18. PLEDGORS' OBLIGATIONS ABSOLUTE, ETC. The obligations of each
Pledgor under this Agreement shall be absolute and unconditional and shall
remain in full force and effect without regard to, and shall not be released,
suspended, discharged, terminated or otherwise affected by, any circumstance or
occurrence whatsoever, including, without limitation: (i) any renewal,
extension, amendment or modification of or addition or supplement to or deletion
from any Secured Debt Agreement or any other instrument or agreement referred to
therein, or any assignment or transfer of any thereof; (ii) any waiver,
consent, extension, indulgence or other action or inaction under or in respect
of any such agreement or instrument including, without limitation, this
Agreement; (iii) any furnishing of any additional security to the Pledgee or
its assignee or any acceptance thereof or any release of any security by the
Pledgee or its assignee; (iv) any limitation on any party's liability or
obligations under any such instrument or agreement or
Exhibit G
Page 18
any invalidity or unenforceability, in whole or in part, of any such
instrument or agreement or any term thereof; or (v) any bankruptcy,
insolvency, reorganization, composition, adjustment, dissolution, liquidation
or other like proceeding relating to any Pledgor or any Subsidiary of any
Pledgor, or any action taken with respect to this Agreement by any trustee or
receiver, or by any court, in any such proceeding, whether or not such
Pledgor shall have notice or knowledge of any of the foregoing.

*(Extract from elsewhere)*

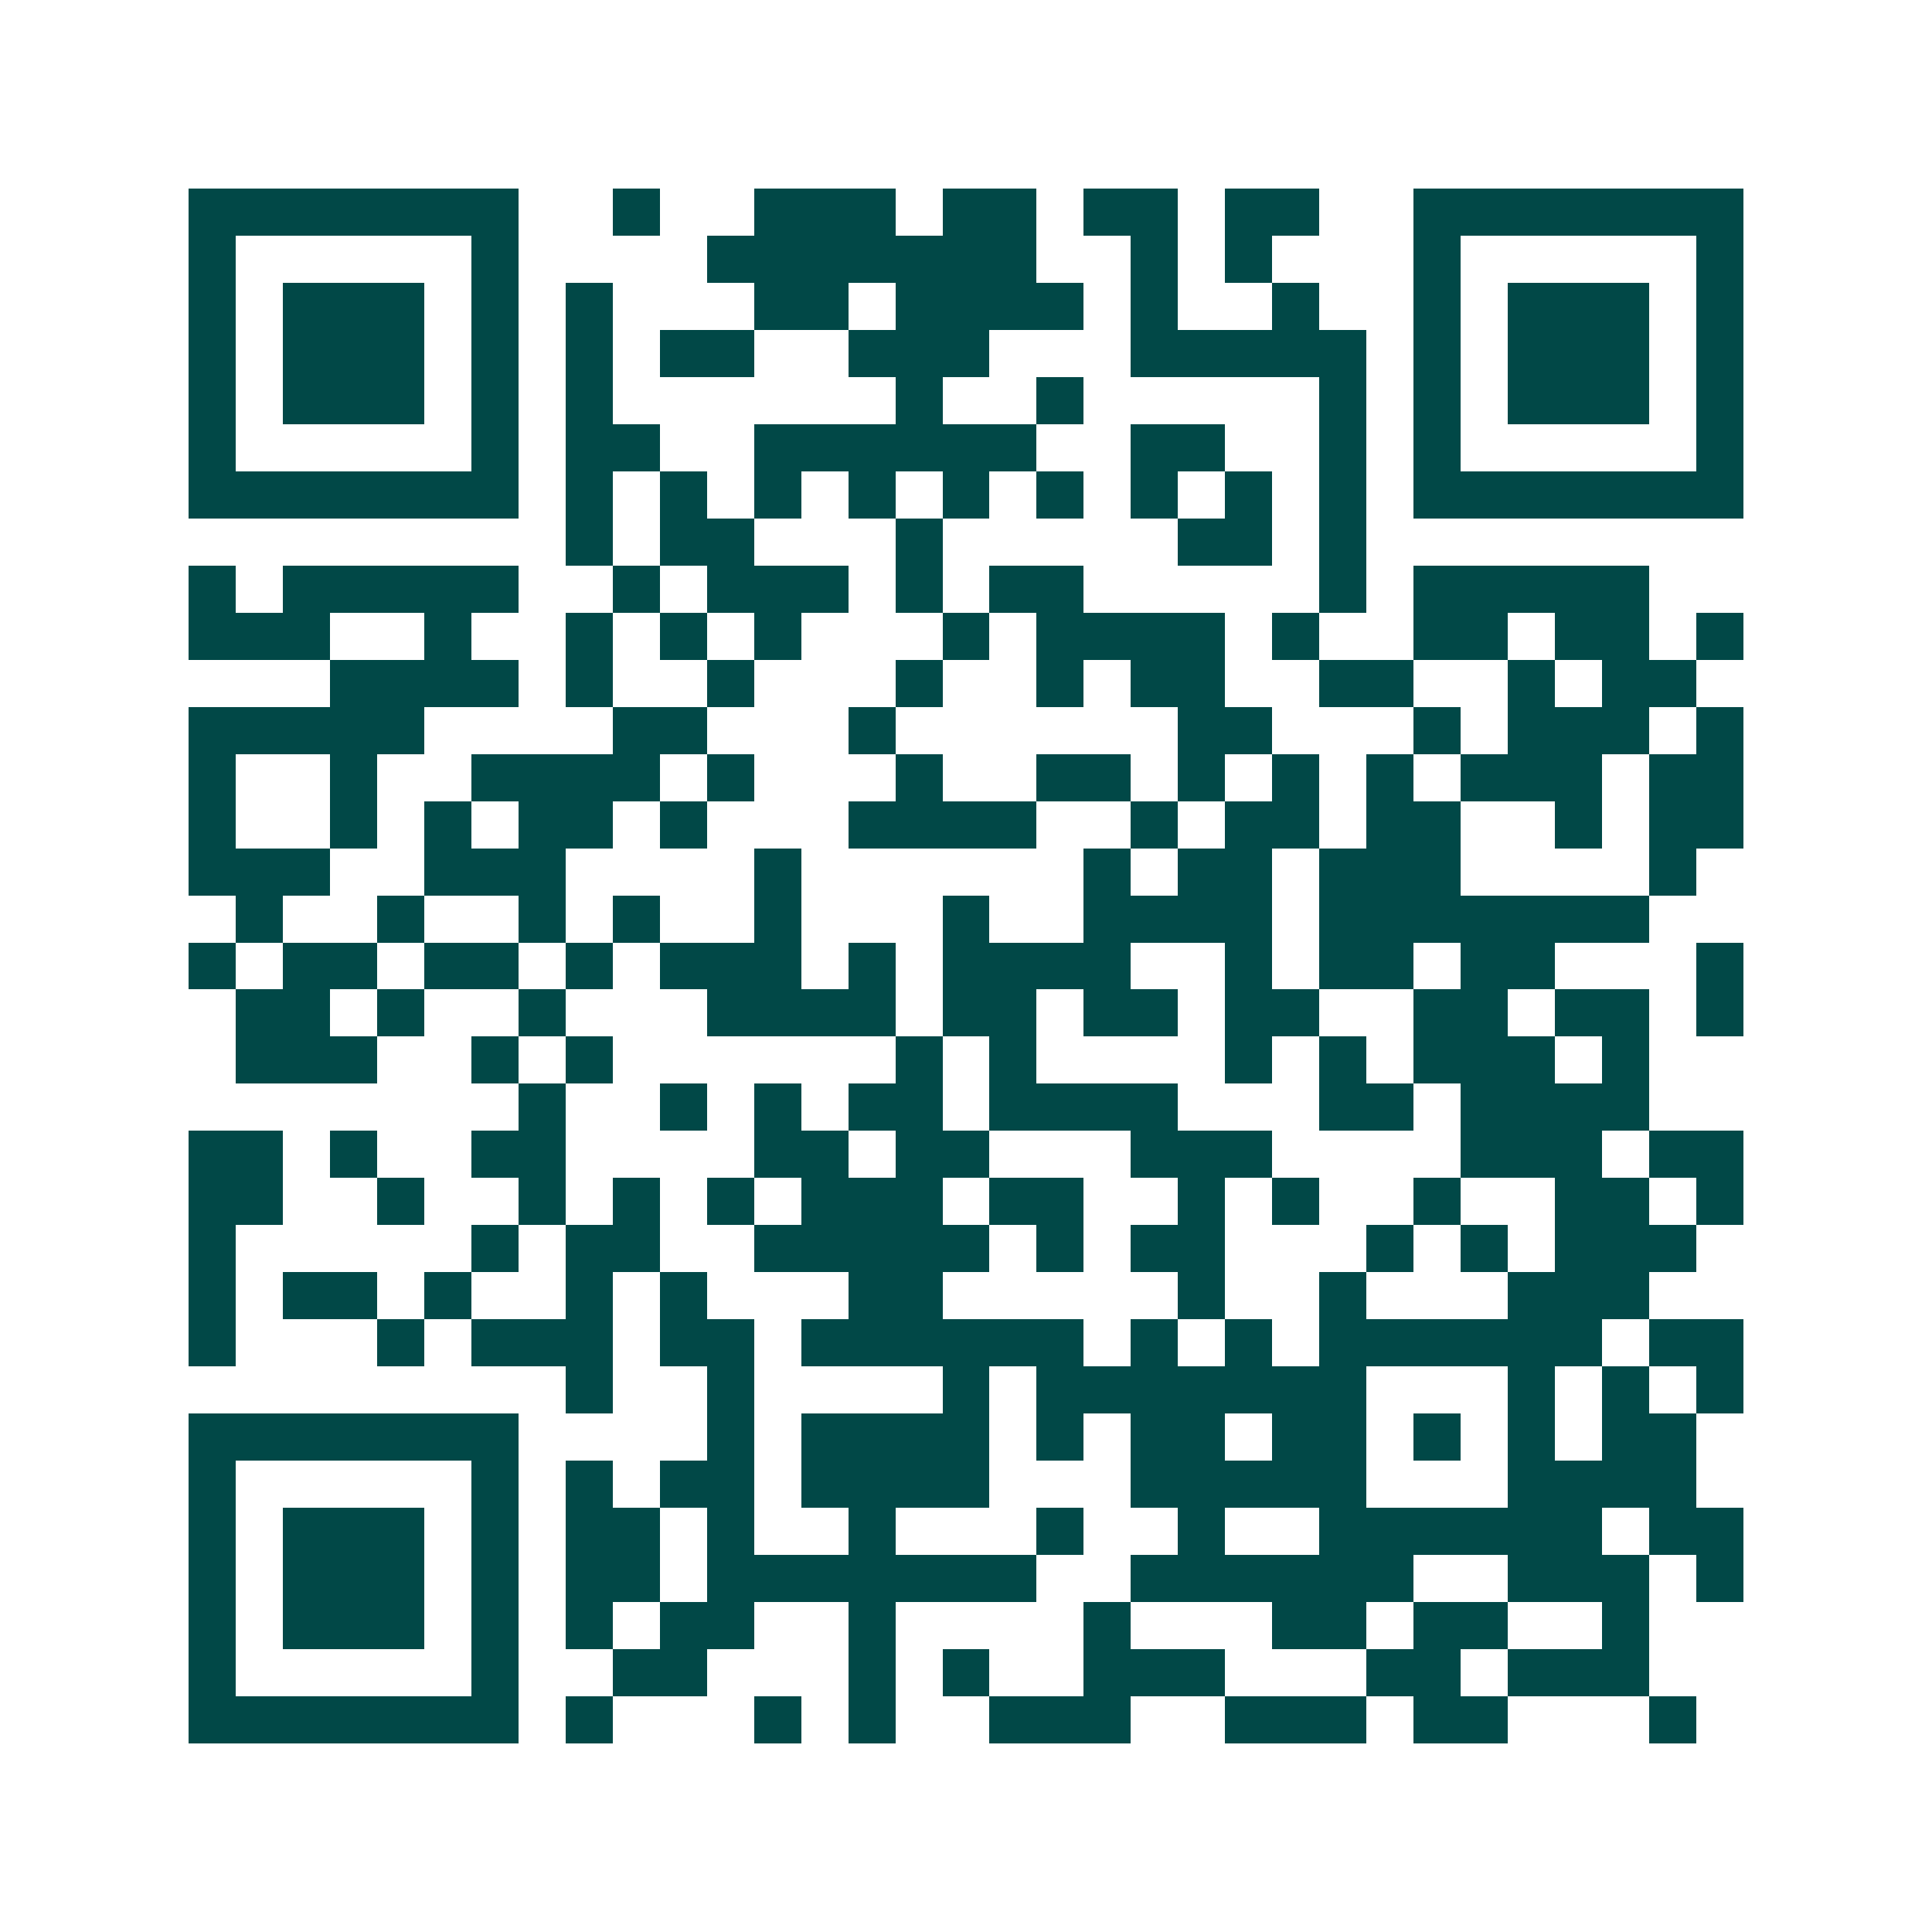 <svg xmlns="http://www.w3.org/2000/svg" width="200" height="200" viewBox="0 0 41 41" shape-rendering="crispEdges"><path fill="#ffffff" d="M0 0h41v41H0z"/><path stroke="#014847" d="M4 4.5h7m2 0h1m2 0h3m1 0h2m1 0h2m1 0h2m2 0h7M4 5.5h1m5 0h1m4 0h7m2 0h1m1 0h1m3 0h1m5 0h1M4 6.5h1m1 0h3m1 0h1m1 0h1m3 0h2m1 0h4m1 0h1m2 0h1m2 0h1m1 0h3m1 0h1M4 7.5h1m1 0h3m1 0h1m1 0h1m1 0h2m2 0h3m3 0h5m1 0h1m1 0h3m1 0h1M4 8.5h1m1 0h3m1 0h1m1 0h1m6 0h1m2 0h1m5 0h1m1 0h1m1 0h3m1 0h1M4 9.5h1m5 0h1m1 0h2m2 0h6m2 0h2m2 0h1m1 0h1m5 0h1M4 10.5h7m1 0h1m1 0h1m1 0h1m1 0h1m1 0h1m1 0h1m1 0h1m1 0h1m1 0h1m1 0h7M12 11.5h1m1 0h2m3 0h1m5 0h2m1 0h1M4 12.5h1m1 0h5m2 0h1m1 0h3m1 0h1m1 0h2m5 0h1m1 0h5M4 13.5h3m2 0h1m2 0h1m1 0h1m1 0h1m3 0h1m1 0h4m1 0h1m2 0h2m1 0h2m1 0h1M7 14.5h4m1 0h1m2 0h1m3 0h1m2 0h1m1 0h2m2 0h2m2 0h1m1 0h2M4 15.5h5m4 0h2m3 0h1m6 0h2m3 0h1m1 0h3m1 0h1M4 16.5h1m2 0h1m2 0h4m1 0h1m3 0h1m2 0h2m1 0h1m1 0h1m1 0h1m1 0h3m1 0h2M4 17.5h1m2 0h1m1 0h1m1 0h2m1 0h1m3 0h4m2 0h1m1 0h2m1 0h2m2 0h1m1 0h2M4 18.5h3m2 0h3m4 0h1m6 0h1m1 0h2m1 0h3m4 0h1M5 19.5h1m2 0h1m2 0h1m1 0h1m2 0h1m3 0h1m2 0h4m1 0h7M4 20.5h1m1 0h2m1 0h2m1 0h1m1 0h3m1 0h1m1 0h4m2 0h1m1 0h2m1 0h2m3 0h1M5 21.5h2m1 0h1m2 0h1m3 0h4m1 0h2m1 0h2m1 0h2m2 0h2m1 0h2m1 0h1M5 22.5h3m2 0h1m1 0h1m6 0h1m1 0h1m4 0h1m1 0h1m1 0h3m1 0h1M11 23.5h1m2 0h1m1 0h1m1 0h2m1 0h4m3 0h2m1 0h4M4 24.5h2m1 0h1m2 0h2m4 0h2m1 0h2m3 0h3m4 0h3m1 0h2M4 25.5h2m2 0h1m2 0h1m1 0h1m1 0h1m1 0h3m1 0h2m2 0h1m1 0h1m2 0h1m2 0h2m1 0h1M4 26.5h1m5 0h1m1 0h2m2 0h5m1 0h1m1 0h2m3 0h1m1 0h1m1 0h3M4 27.5h1m1 0h2m1 0h1m2 0h1m1 0h1m3 0h2m5 0h1m2 0h1m3 0h3M4 28.5h1m3 0h1m1 0h3m1 0h2m1 0h6m1 0h1m1 0h1m1 0h6m1 0h2M12 29.5h1m2 0h1m4 0h1m1 0h7m3 0h1m1 0h1m1 0h1M4 30.5h7m4 0h1m1 0h4m1 0h1m1 0h2m1 0h2m1 0h1m1 0h1m1 0h2M4 31.5h1m5 0h1m1 0h1m1 0h2m1 0h4m3 0h5m3 0h4M4 32.5h1m1 0h3m1 0h1m1 0h2m1 0h1m2 0h1m3 0h1m2 0h1m2 0h6m1 0h2M4 33.5h1m1 0h3m1 0h1m1 0h2m1 0h7m2 0h6m2 0h3m1 0h1M4 34.5h1m1 0h3m1 0h1m1 0h1m1 0h2m2 0h1m4 0h1m3 0h2m1 0h2m2 0h1M4 35.5h1m5 0h1m2 0h2m3 0h1m1 0h1m2 0h3m3 0h2m1 0h3M4 36.5h7m1 0h1m3 0h1m1 0h1m2 0h3m2 0h3m1 0h2m3 0h1"/></svg>

19. REGISTRATION, ETC. (a) If there shall have occurred and be
continuing an Event of Default then, and in every such case, upon receipt by any
Pledgor from the Pledgee of a written request or requests that such Pledgor
cause any registration, qualification or compliance under any Federal or state
securities law or laws to be effected with respect to all or any part of the
Collateral consisting of Securities, Limited Liability Company Interests or
Partnership Interests, such Pledgor as soon as practicable and at its expense
will cause such registration to be effected (and be kept effective) and will
cause such qualification and compliance to be declared effected (and be kept
effective) as may be so requested and as would permit or facilitate the sale and
distribution of such Collateral, including, without limitation, registration
under the Securities Act, as then in effect (or any similar statute then in
effect), appropriate qualifications under applicable blue sky or other state
securities laws and appropriate compliance with any other government
requirements, PROVIDED, that the Pledgee shall furnish to such Pledgor such
information regarding the Pledgee as such Pledgor may reasonably request in
writing and as shall be required in connection with any such registration,
qualification or compliance. Such Pledgor will cause the Pledgee to be kept
advised in writing as to the progress of each such registration, qualification
or compliance and as to the completion thereof, will furnish to the Pledgee such
number of prospectuses, offering circulars or other documents incident thereto
as the Pledgee from time to time may reasonably request, and will indemnify the
Pledgee, each other Secured Creditor and all others participating in the
distribution of such Collateral against all claims, losses, damages and
liabilities caused by any untrue statement (or alleged untrue statement) of a
material fact contained therein (or in any related registration statement,
notification or the like) or by any omission (or alleged omission) to state
therein (or in any related registration statement, notification or the like) a
material fact required to be stated therein or necessary to make the statements
therein not misleading, except insofar as the same may have been caused by an
untrue statement or omission based upon information furnished in writing to such
Pledgor by the Pledgee or such other Secured Creditor expressly for use therein.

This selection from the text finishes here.